Destruction of condition variable randomly loses notification

I am pretty sure your vendors implementation is broken. Your program looks almost OK from the perspective of obeying the contract with the cv/mutex classes. I couldn’t 100% verify, I am behind one version.

The notion of “blocking” is confusing in the condition_variable (CV) class because there are multiple things to be blocking on. The contract requires the implementation to be more complex than a veneer on pthread_cond* (for example). My reading of it indicates that a single CV would require at least 2 pthread_cond_t’s to implement.

The crux is the destructor having a definition while threads are waiting upon a CV; and its ruin is in a race between CV.wait and ~CV. The naive implementation simply has ~CV broadcast the condvar then eliminate it, and has CV.wait remember the lock in a local variable, so that when it awakens from the runtime notion of blocking it no longer has to reference the object. In that implementation, ~CV becomes a “fire and forget” mechanism.

Sadly, a racing CV.wait could meet the preconditions, yet not be finished interacting with the object yet, when ~CV sneaks in and destroys it. To resolve the race CV.wait and ~CV need to exclude each other, thus the CV requires at least a private mutex to resolve races.

We aren’t finished yet. There usually isn’t an underlying support [ eg. kernel ] for an operation like “wait on cv controlled by lock and release this other lock once I am blocked”. I think that even the posix folks found that too funny to require. Thus, burying a mutex in my CV isn’t enough, I actually require a mechanism that permits me to process events within it; thus a private condvar is required inside the implementation of CV. Obligatory David Parnas meme.

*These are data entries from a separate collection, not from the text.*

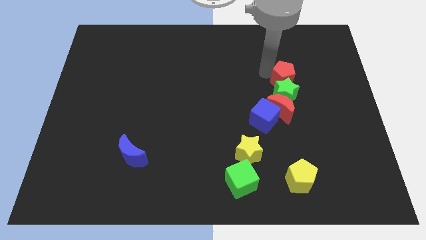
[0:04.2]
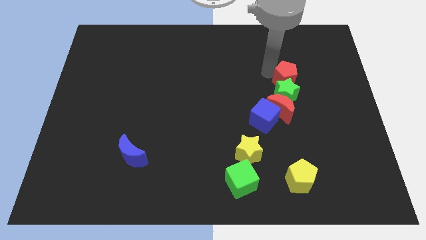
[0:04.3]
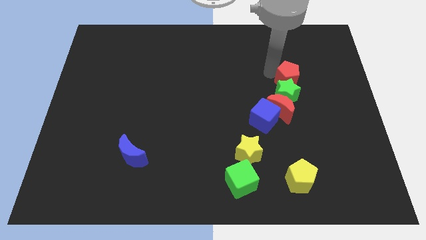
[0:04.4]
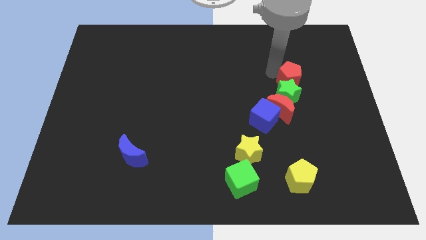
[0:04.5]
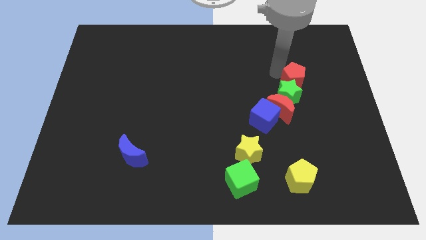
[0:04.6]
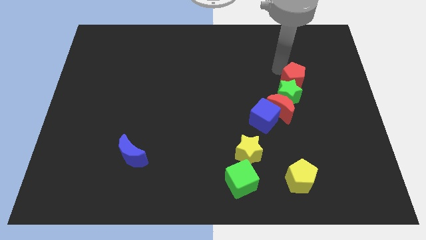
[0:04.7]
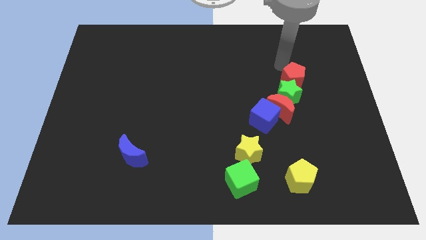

Almost OK, because as Marek R points out, you are relying on referencing a class after its destruction has begun; not the cv/mutex class, your notify_on_delete class. The conflict is a bit academic. I doubt clang would depend upon nod remaining valid after control had transferred to nod->cv.wait(); but the real customer of most compiler vendors are benchmarks, not programmers.

As as general note, multi-threaded programming is difficult, and having now peaked at the c++ threading model, it might be best to give it a decade or two to settle down. It’s contracts are astonishing. When I first looked at your program, I thought ‘duh, there is no way you can destroy a cv that can be accessed because RAII’. Silly me.

Pthreads is another awful API for threading. At least it doesn’t attempt over-reach, and is mature enough that robust test suites keep vendors in line.


When NOTIFY_IN_DESTRUCTOR is defined:
Calling notify_one()/notify_all() doesn't mean that the waiting thread is immediately woken up and the current thread will wait for the other thread. It just means that if the waiting thread wakes up at some point after the current thread has called notify, it should proceed. So in essence, you might be deleting the condition variable before the waiting thread wakes up (depending on how the threads are scheduled).

The explanation for why it hangs, even if the condition variable is deleted while the other thread is waiting on it lies on the fact the wait/notify operations are implemented using queues associated with the condition variables. These queues hold the threads waiting on the condition variables. Freeing the condition variable would mean getting rid of these thread queues.